21ST CENTURY MEDICINE: The ‘final nail in the coffin’ for Aids? A surge in the use of preventative drugs is reducing risk but with more than 36m people living with HIV a huge challenge remains.
Will Nutland is not infected with HIV, yet he has been taking an Aids drug for just under a year. As a doctor, he says his primary motive is to act as “a guinea pig” but as a gay man he is also taking it to prevent him contracting the human immunodeficiency virus that can lead to Aids. He takes Truvada, a pill introduced by the US drug company Gilead in 2004 as an antiretroviral treatment for people with HIV but since developed for pre-exposure prophylaxis — generally known as PrEP — for those at risk of infection.
Around the world, hundreds of thousands have been taking PrEP on a daily basis for several years, yet Dr Nutland, who bought his blue lozenge-shaped pills online, is only one of a handful of people in the UK taking the medicine.

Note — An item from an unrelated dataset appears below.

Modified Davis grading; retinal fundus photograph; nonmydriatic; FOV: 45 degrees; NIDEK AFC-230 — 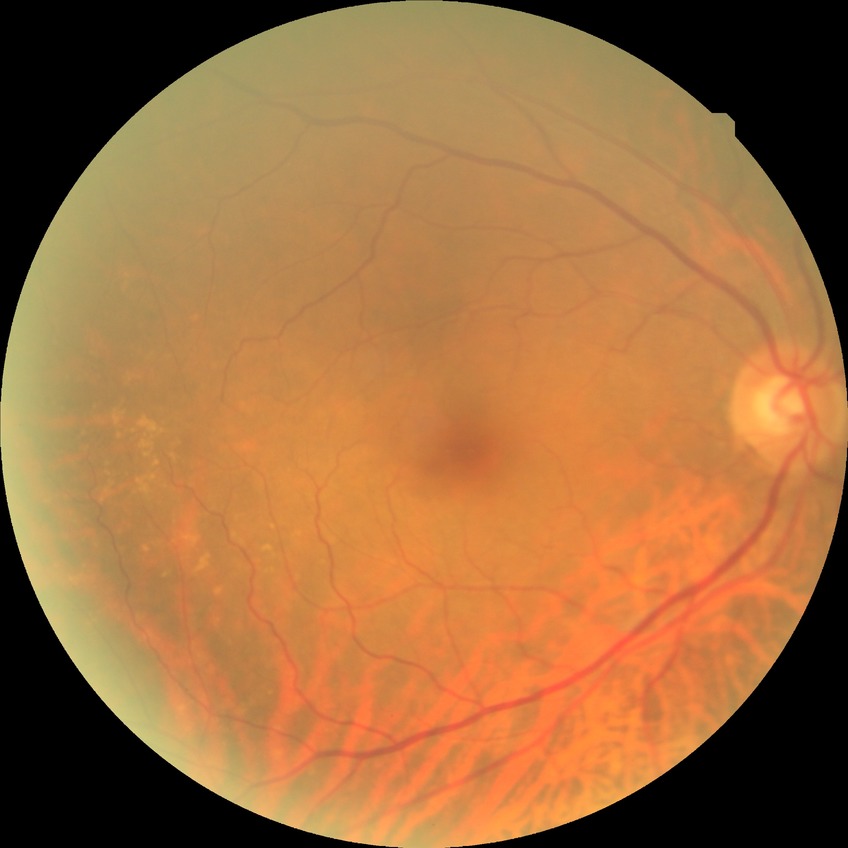
diabetic retinopathy (DR): NDR (no diabetic retinopathy).

The question for many — both activists and clinicians — is whether greater use of PrEP alongside more widespread diagnosis and early treatment could finally herald the end of HIV/Aids. The combination of the prophylactic for those who are HIV-negative with effective antiretroviral drugs, which suppress the virus in those who test positive, offers a chance to manage the disease out of existence, suggests Tony Fauci, director of the US National Institute of Allergy and Infectious Diseases.
That would be nice, but I fear it won’t be quite that easy.